Termination for Convenience Clauses

Commercial Contracts

“Termination for Convenience” clauses allow a contracting party to walk away from their contractual commitment for “convenience”. These provisions are commonly used in subcontracts – typically construction, engineering, road works and procurement agreements, where the weaker party does not have the bargaining power to challenge this unfair provision. This allows the powerful party to terminate the contract, without reason, depriving the weaker party of the benefits of the agreement.

Recent Examples

There have been a number of recent Court cases involving the right to Terminate for Convenience:

  • in the 2007 decision involving Australian Aerospace (AA), AA decided to terminate a Procurement Agreement relying on the termination for convenience power. AA was successfully challenged in the Victorian Supreme Court on the grounds that the exercise of the termination power was not done in good faith but rather for an improper purpose, ousting the minor party from the benefit of the contract so that AA could seize the benefits for itself;
  • in a 2009 decision involving Telstra, the Federal Court considered that there was an argument to be considered about the lack of good faith, and found that Telstra would have to establish that it “reasonably believes” the matters involved;
  • however, in a Coles Supermarket decision in 2011, the New South Wales Supreme Court allowed Coles to summarily terminate a contract relying on the termination provision where Coles was dissatisfied with the poor quality of the services which were being provided to it;
  • in a more recent 2015 decision, the Federal Court examined whether “reasonableness” was a constraint on the exercise of a right to terminate a contract for convenience. The Court noted that where a clause empowers one party to act to the detriment of another party, the requirement of good faith often requires “reasonableness” in the exercise of the power.

Good Faith and Reasonableness

Concepts of “good faith” and “reasonableness” clearly intrude in this discussion. The law remains unclear, although there is growing recognition of the need for the more powerful party to exercise a degree of reasonableness and not to exercise the power to terminate for convenience for an improper purpose or an ulterior motive.
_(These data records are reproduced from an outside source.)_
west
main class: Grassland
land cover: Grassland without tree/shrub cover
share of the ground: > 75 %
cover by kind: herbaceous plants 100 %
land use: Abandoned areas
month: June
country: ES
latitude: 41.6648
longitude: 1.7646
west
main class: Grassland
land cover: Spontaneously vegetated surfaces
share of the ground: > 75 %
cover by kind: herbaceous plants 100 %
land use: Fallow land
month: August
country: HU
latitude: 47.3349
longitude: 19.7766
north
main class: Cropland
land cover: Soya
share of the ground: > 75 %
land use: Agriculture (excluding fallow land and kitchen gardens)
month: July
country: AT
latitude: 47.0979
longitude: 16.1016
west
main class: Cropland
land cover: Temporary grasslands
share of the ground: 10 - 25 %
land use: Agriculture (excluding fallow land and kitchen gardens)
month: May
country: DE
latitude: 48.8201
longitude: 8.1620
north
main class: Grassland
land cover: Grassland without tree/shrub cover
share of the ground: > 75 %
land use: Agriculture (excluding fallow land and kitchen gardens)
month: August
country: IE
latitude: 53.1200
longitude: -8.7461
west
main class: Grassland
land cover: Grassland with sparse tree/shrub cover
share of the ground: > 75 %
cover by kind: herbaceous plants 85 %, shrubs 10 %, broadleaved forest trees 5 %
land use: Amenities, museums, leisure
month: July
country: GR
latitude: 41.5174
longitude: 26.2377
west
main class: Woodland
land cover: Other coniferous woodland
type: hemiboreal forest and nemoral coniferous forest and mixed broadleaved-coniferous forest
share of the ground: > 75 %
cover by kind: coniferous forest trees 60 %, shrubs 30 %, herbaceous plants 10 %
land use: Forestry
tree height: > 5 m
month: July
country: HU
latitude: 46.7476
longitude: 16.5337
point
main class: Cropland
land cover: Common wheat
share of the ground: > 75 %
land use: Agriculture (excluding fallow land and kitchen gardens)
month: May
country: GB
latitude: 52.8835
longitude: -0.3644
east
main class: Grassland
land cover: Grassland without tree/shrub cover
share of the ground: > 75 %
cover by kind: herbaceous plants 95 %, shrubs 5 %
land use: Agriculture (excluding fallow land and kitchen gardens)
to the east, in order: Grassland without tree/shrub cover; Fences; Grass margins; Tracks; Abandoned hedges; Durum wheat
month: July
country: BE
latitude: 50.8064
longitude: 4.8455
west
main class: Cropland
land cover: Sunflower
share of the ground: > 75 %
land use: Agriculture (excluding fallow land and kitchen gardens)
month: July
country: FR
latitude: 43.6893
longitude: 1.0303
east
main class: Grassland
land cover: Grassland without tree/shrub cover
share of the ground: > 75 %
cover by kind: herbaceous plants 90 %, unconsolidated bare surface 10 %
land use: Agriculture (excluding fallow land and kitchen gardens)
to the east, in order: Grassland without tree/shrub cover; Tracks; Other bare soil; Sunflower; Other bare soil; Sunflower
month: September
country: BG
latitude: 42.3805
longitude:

In our many comments about “good faith” in commercial contracts, we have said that the growing judicial reliance on good faith undermines the fundamental need for certainty in commercial contracts. Despite that, there is real justification in the case of unfair use of the Termination for Convenience power, to introduce a requirement that the party relying on such a provision should be obliged to act reasonably and in good faith.


Although, due to a lack of bargaining power, you may be forced to accept a Termination for Convenience provision, in many situations, having regard to recent cases, you could be in a position to challenge an unfair termination, or to negotiate for a fairer commercial outcome.